Then the stakes are so much higher. Because it feels like the outcomes could have been so much different, in oftentimes a more positive way. And though, sometimes, it's the opposite, a lot of times what we're focusing on in grief is how could we have prevented these worst case scenarios. And we want, just to right off the bat, after saying this is very normal and something we do all the time, just remind people that most of the time, we can't say always, but most of the time you were making the decision that you could with the information that you had. You had to make decisions about your behavior, about what (what) to do based on, you know, everything that you knew at the time. And you now know new things. But you didn't know those things at the time. And you cannot beat yourself, well I guess you can, but I hope you won't, beat yourself up for not being able to predict the future, and not knowing the things then that you know now. Because there was probably no way for you to know those things. Even though you might tell yourself there was.

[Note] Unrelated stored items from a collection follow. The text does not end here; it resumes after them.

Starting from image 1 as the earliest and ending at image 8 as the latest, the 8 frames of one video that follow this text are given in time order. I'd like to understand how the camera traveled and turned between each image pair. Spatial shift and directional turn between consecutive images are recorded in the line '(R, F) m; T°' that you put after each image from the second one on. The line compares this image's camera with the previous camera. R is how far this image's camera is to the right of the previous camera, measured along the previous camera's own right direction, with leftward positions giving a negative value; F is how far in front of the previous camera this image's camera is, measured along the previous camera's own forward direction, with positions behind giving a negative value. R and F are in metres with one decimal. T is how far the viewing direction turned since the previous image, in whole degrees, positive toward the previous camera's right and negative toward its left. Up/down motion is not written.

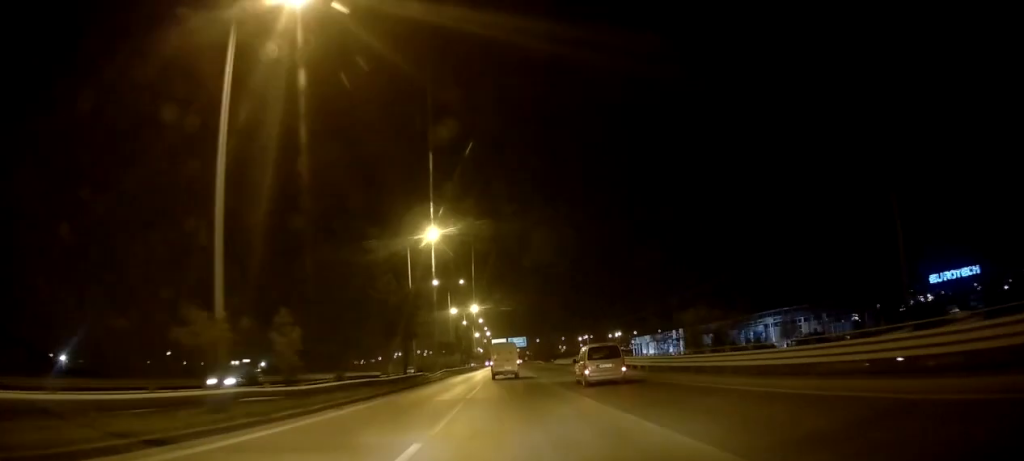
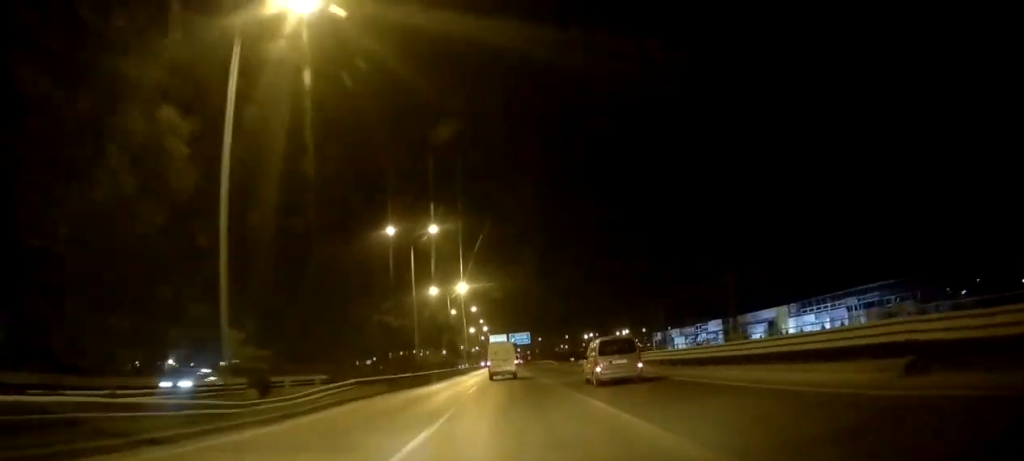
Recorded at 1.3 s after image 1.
(-0.4, +33.4) m; -1°
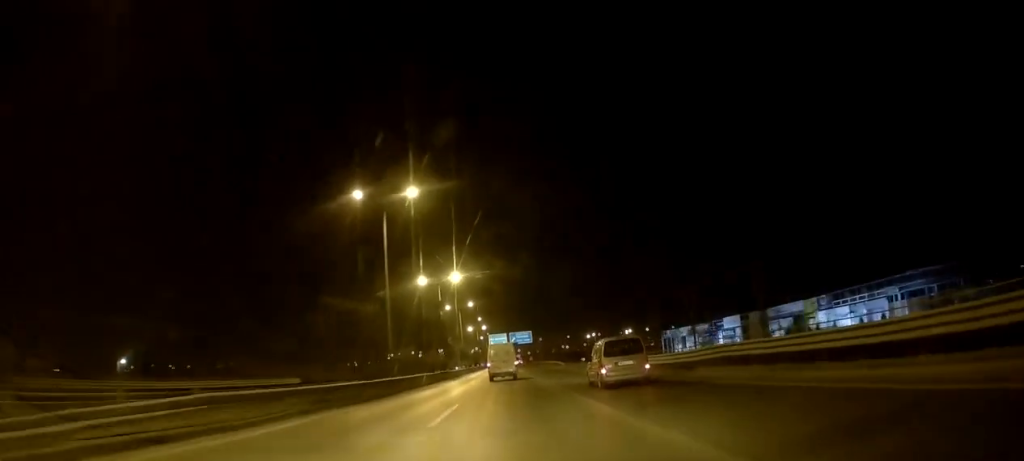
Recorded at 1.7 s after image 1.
(0.0, +11.7) m; 0°
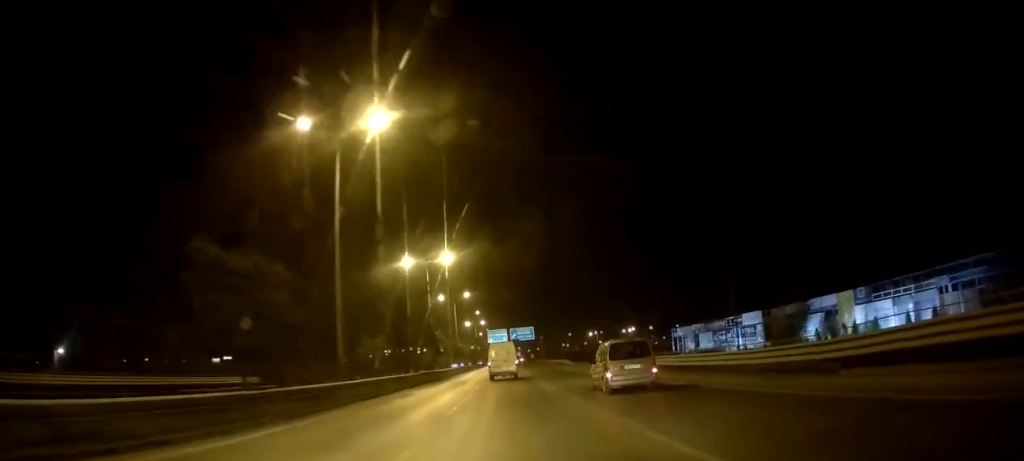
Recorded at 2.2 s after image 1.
(0.0, +12.1) m; 0°
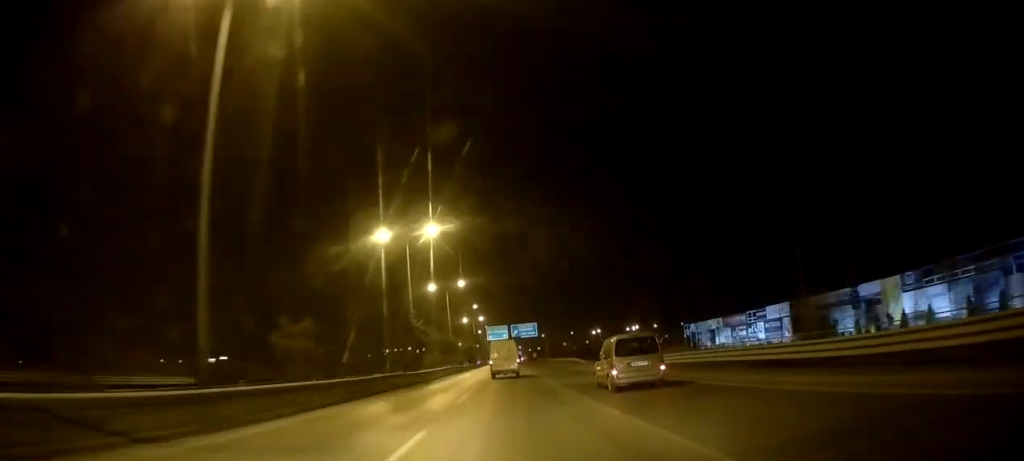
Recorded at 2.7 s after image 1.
(+0.2, +12.8) m; 0°
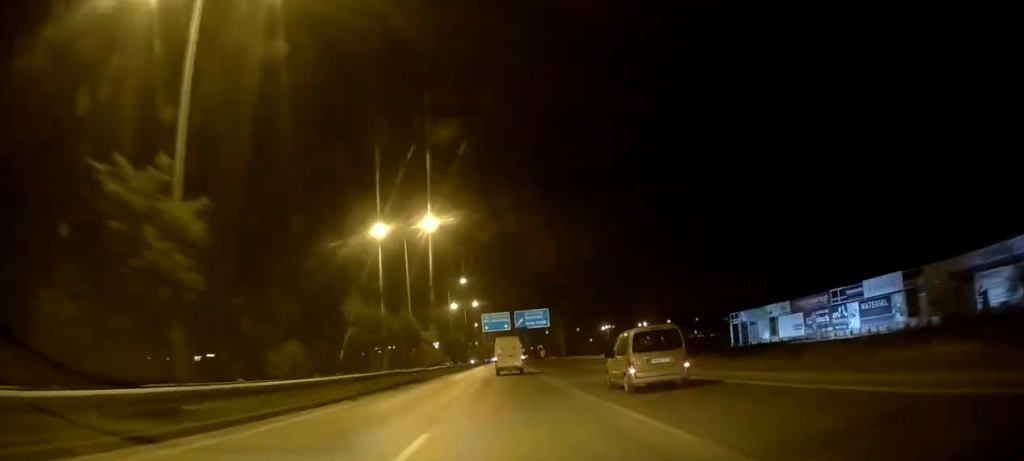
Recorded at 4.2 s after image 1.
(-0.5, +36.7) m; -1°
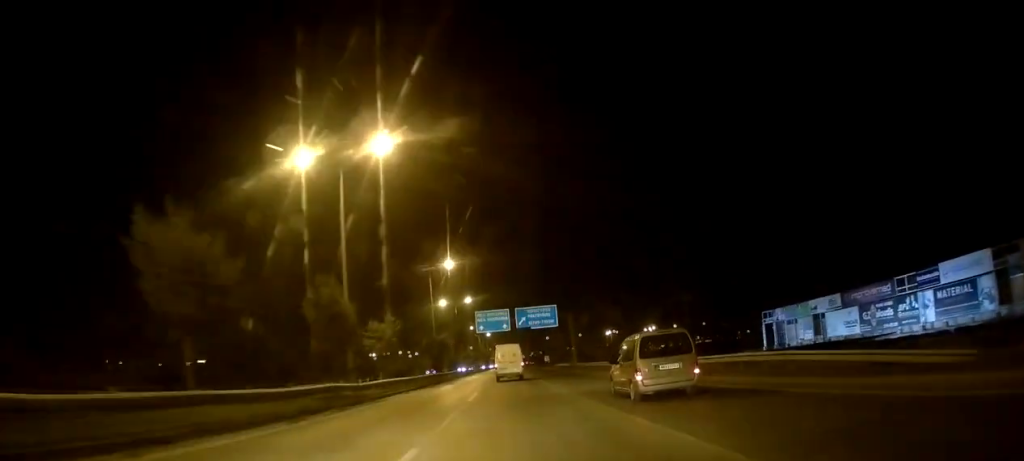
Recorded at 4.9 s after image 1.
(+0.2, +19.1) m; +1°
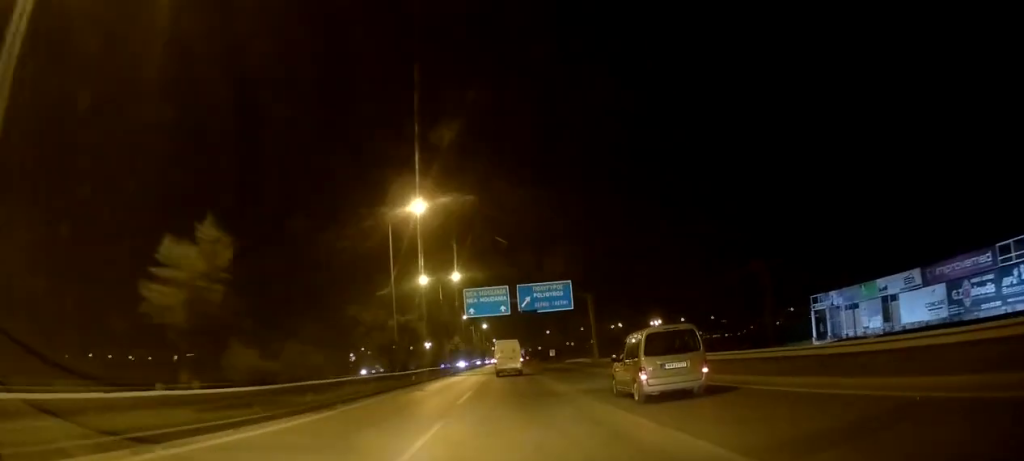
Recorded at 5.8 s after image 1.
(+0.1, +21.7) m; 0°

Well, and that's I think the thing that's hard is that once we know something and we're seeing the world through the lens of knowing that thing, it's very hard to really remember what it was truly like to not know that thing. To be in that position before it happened. To really, you know, and we may even, when we may theoretically be able to say Okay, rationally I get it, that I didn't (I didn't) know this, I still might think, but I should have known it. And now that I see it now, it seems like it was so obvious or I should clearly have done those things, so.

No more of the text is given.